[Stored items from a collection]

[Start of Attachment]

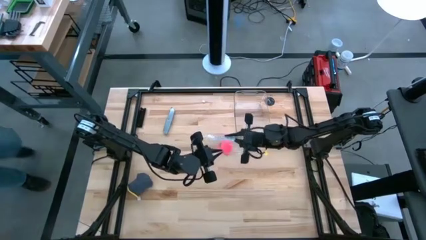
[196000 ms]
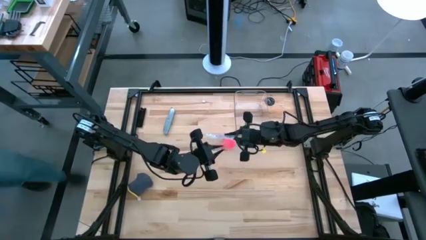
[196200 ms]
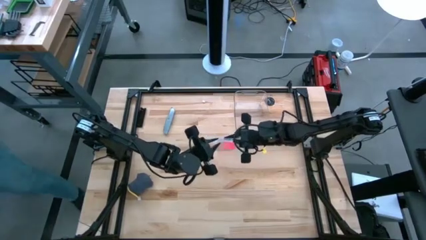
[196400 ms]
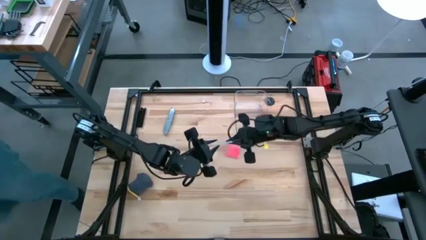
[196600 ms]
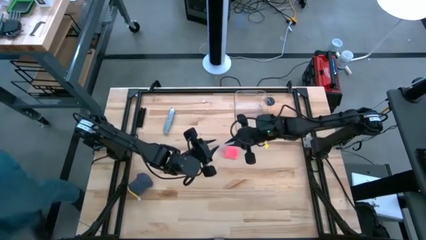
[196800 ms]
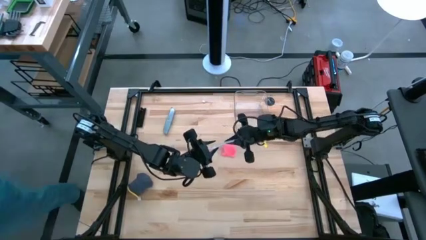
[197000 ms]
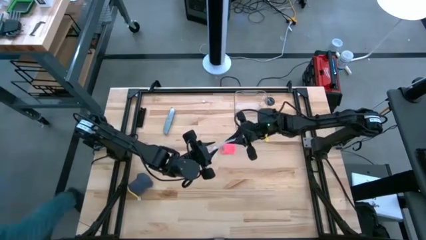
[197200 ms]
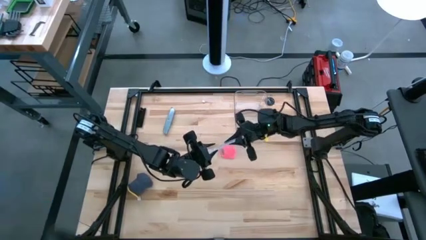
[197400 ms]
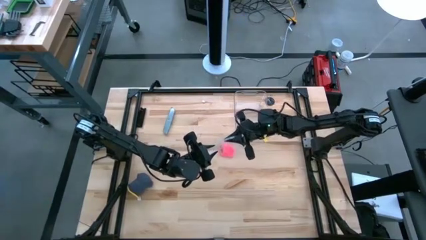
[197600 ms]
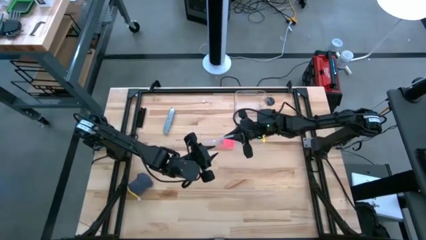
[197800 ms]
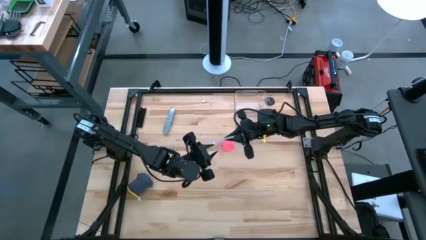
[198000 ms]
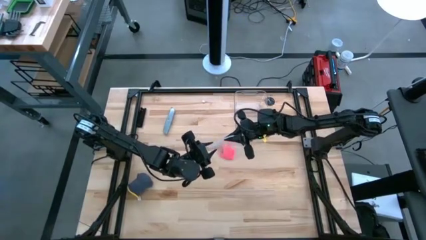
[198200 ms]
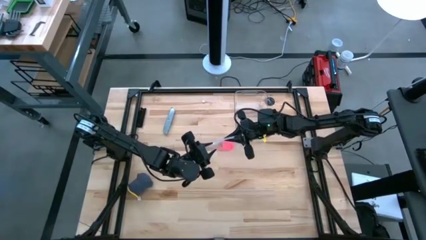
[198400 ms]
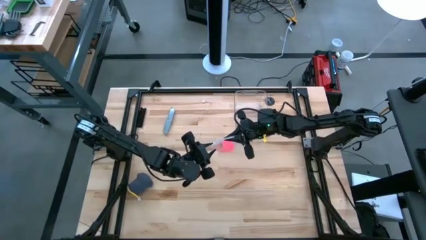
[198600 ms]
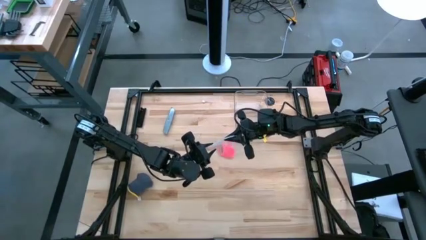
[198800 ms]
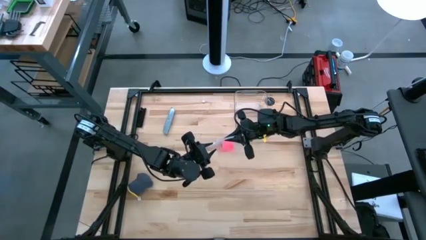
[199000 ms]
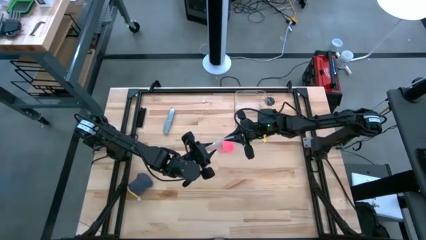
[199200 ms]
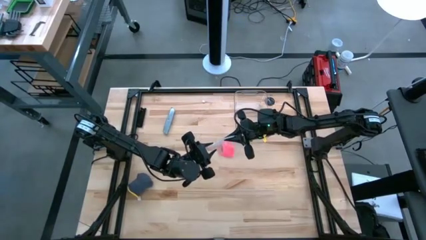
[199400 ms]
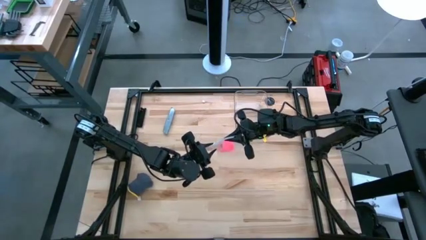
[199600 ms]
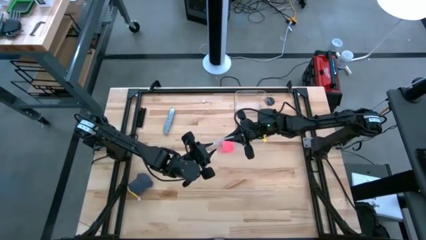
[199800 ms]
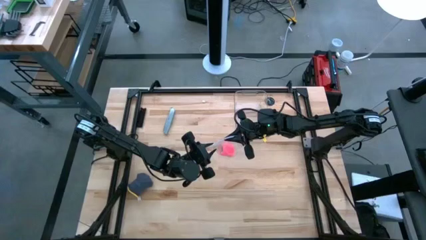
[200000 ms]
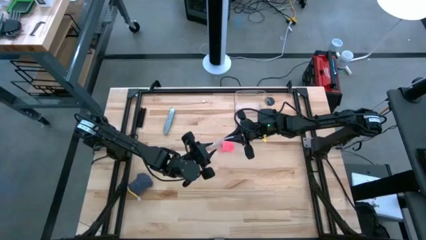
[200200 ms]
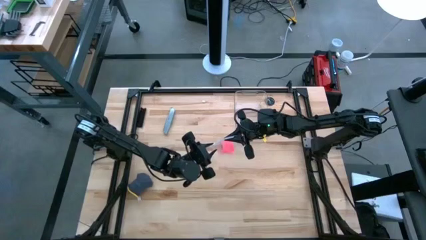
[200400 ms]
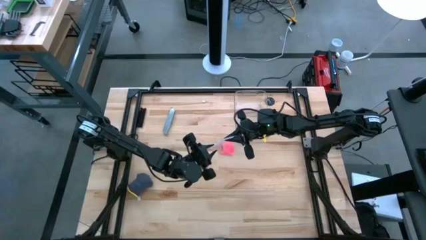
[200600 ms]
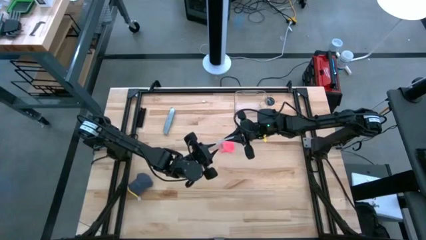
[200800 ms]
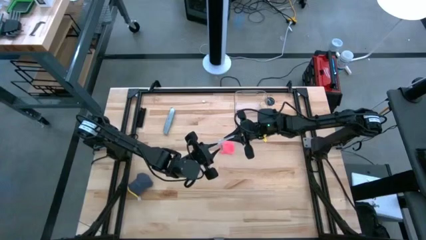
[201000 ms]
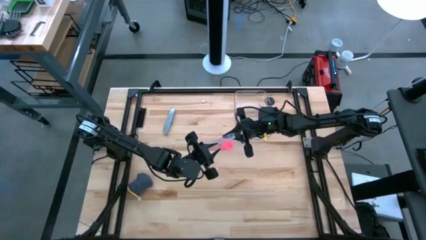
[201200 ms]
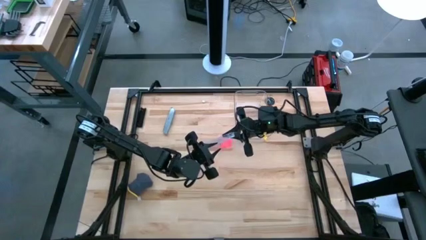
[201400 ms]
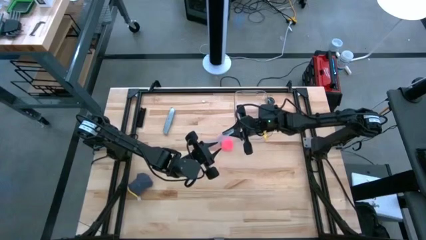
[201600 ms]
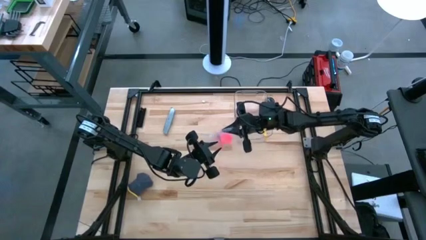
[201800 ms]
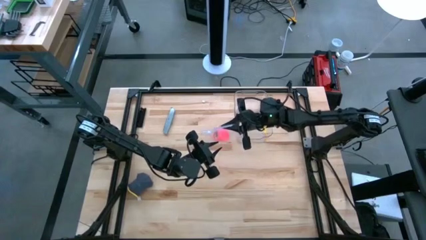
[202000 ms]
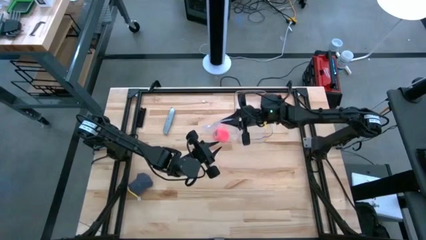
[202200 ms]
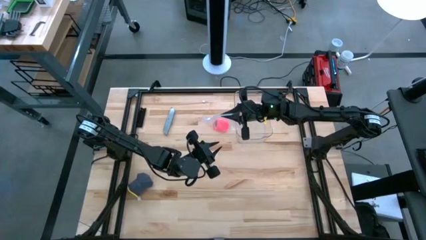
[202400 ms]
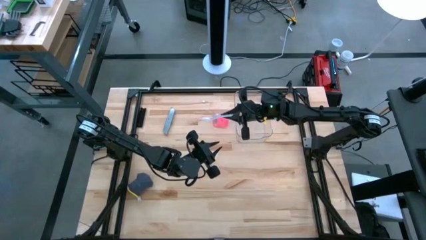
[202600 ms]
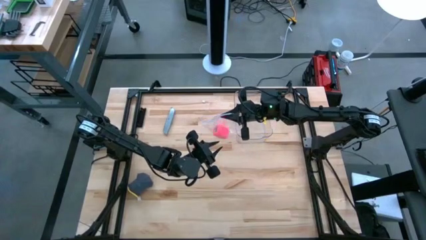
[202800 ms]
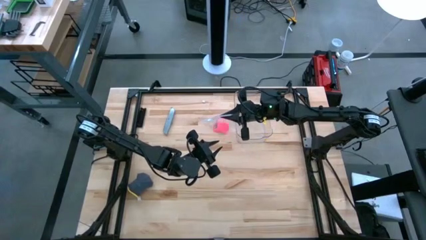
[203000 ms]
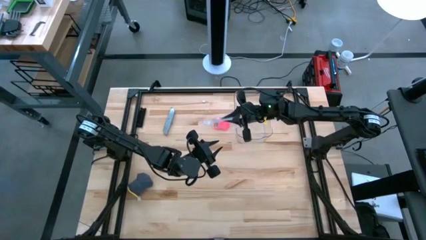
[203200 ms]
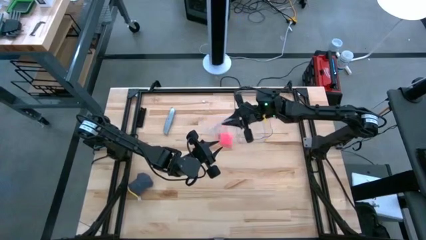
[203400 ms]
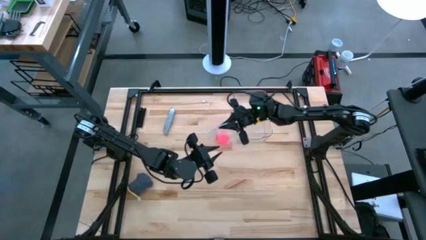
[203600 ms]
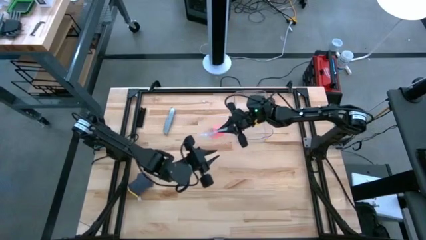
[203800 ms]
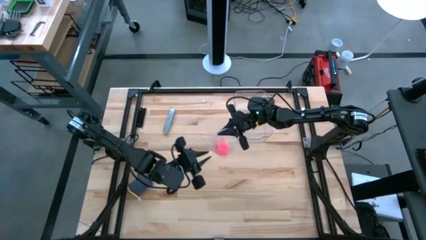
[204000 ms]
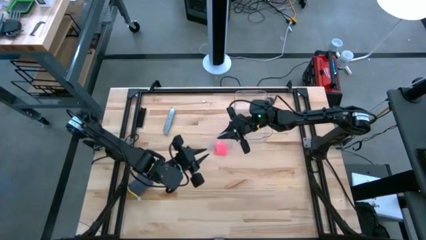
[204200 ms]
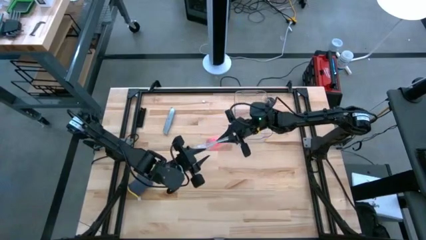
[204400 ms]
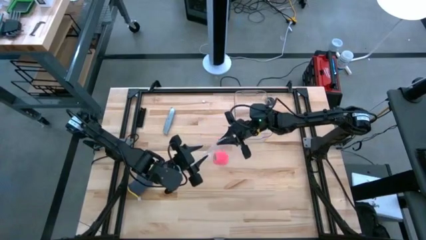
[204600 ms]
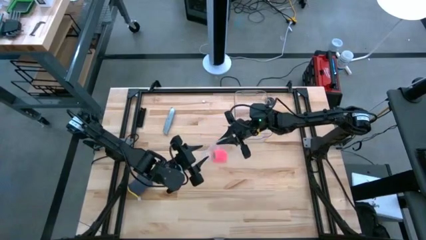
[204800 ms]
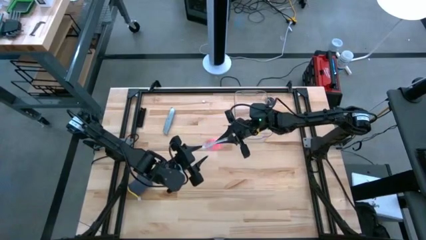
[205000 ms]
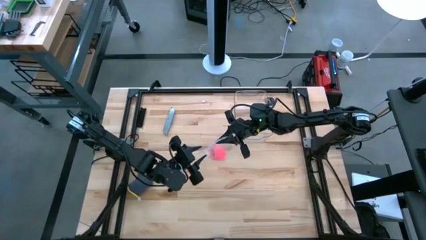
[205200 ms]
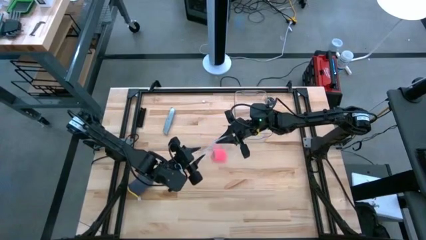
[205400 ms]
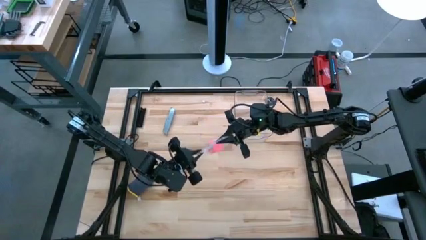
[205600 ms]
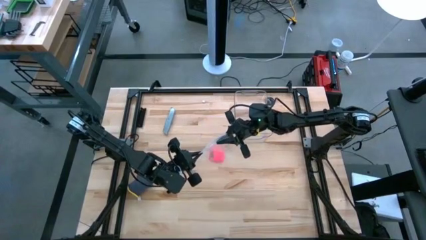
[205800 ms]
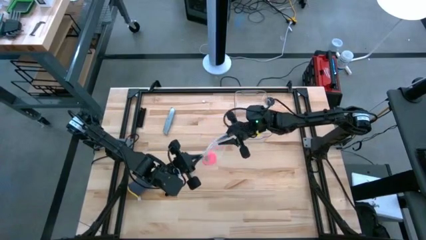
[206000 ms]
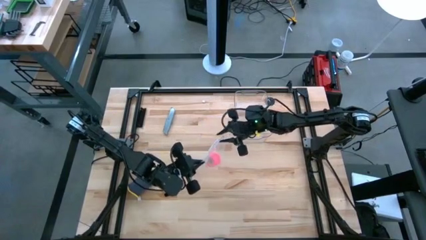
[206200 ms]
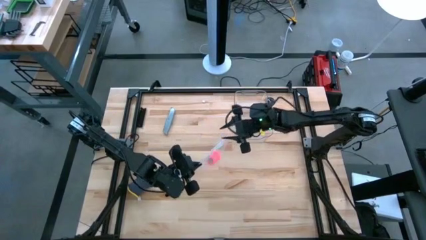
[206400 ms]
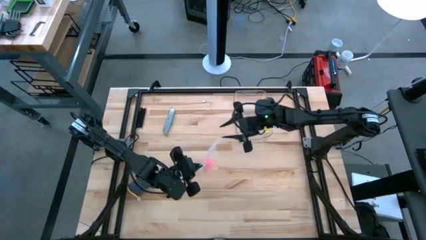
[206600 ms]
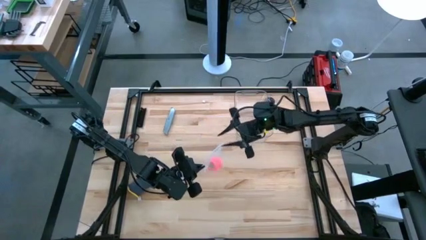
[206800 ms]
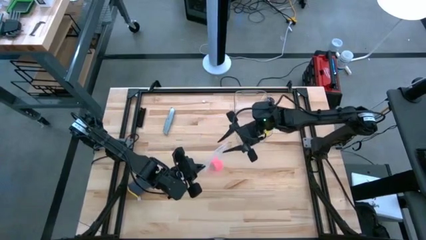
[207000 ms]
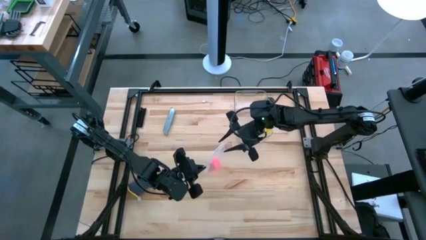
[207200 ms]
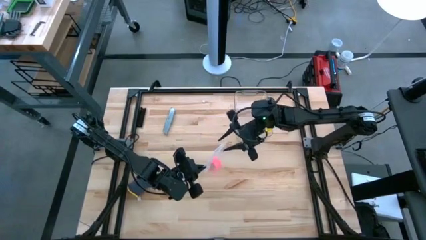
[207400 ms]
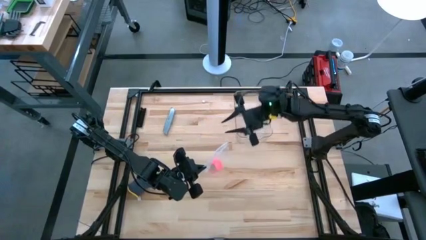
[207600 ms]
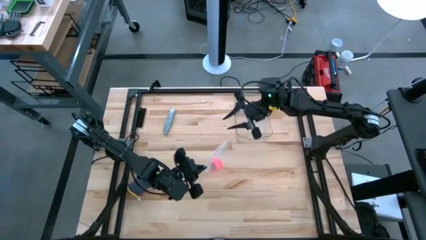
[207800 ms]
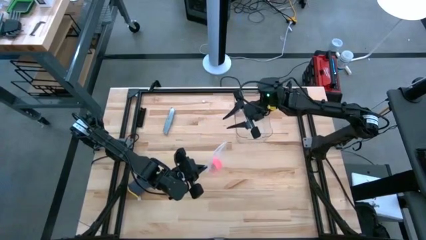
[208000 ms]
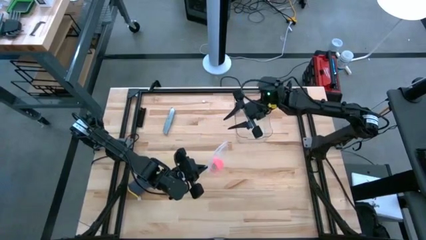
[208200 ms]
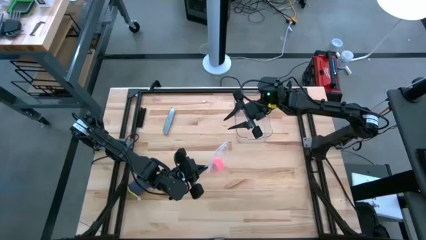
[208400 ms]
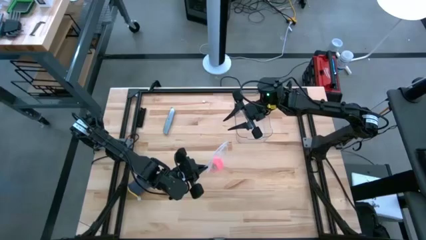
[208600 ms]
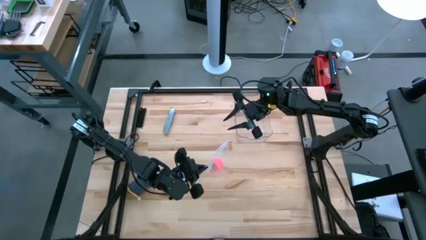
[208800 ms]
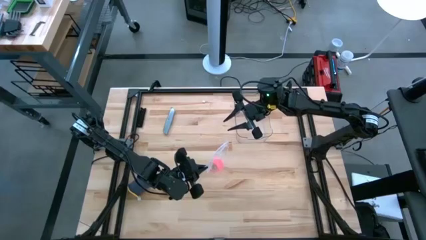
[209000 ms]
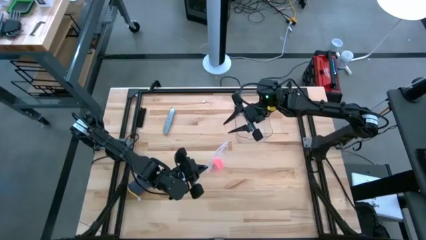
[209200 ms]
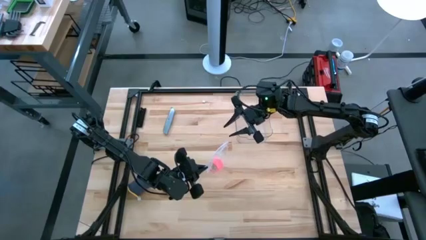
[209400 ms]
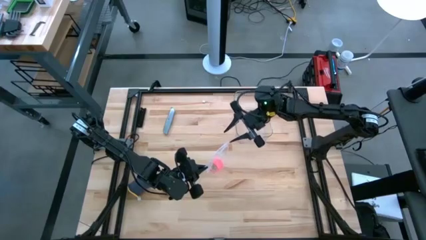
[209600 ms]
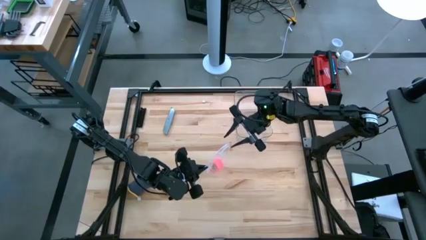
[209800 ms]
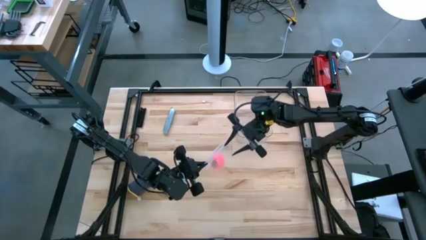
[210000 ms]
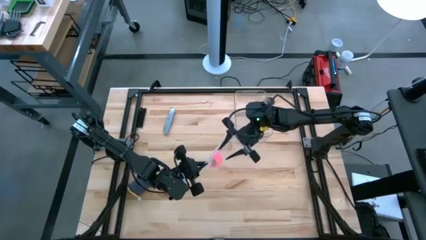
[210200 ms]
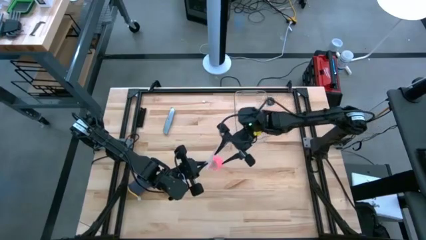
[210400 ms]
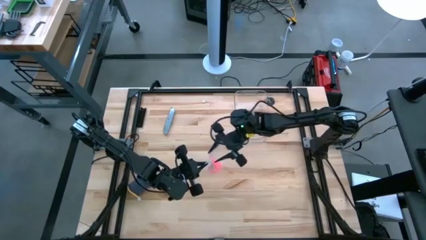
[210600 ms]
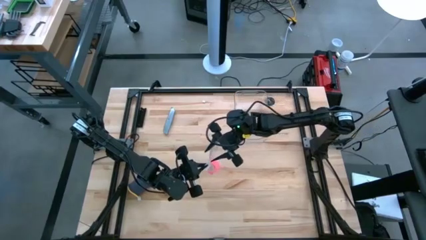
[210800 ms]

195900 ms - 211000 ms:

[End of Attachment]

*TASK TO COMPLETE*:
Give back exactly the lines above from the one with "[196600 ms]" through the one with "[201200 ms]", both included. Pictures don't belong in the copy.

*SOLUTION TO THE EXERCISE*:
[196600 ms]
[196800 ms]
[197000 ms]
[197200 ms]
[197400 ms]
[197600 ms]
[197800 ms]
[198000 ms]
[198200 ms]
[198400 ms]
[198600 ms]
[198800 ms]
[199000 ms]
[199200 ms]
[199400 ms]
[199600 ms]
[199800 ms]
[200000 ms]
[200200 ms]
[200400 ms]
[200600 ms]
[200800 ms]
[201000 ms]
[201200 ms]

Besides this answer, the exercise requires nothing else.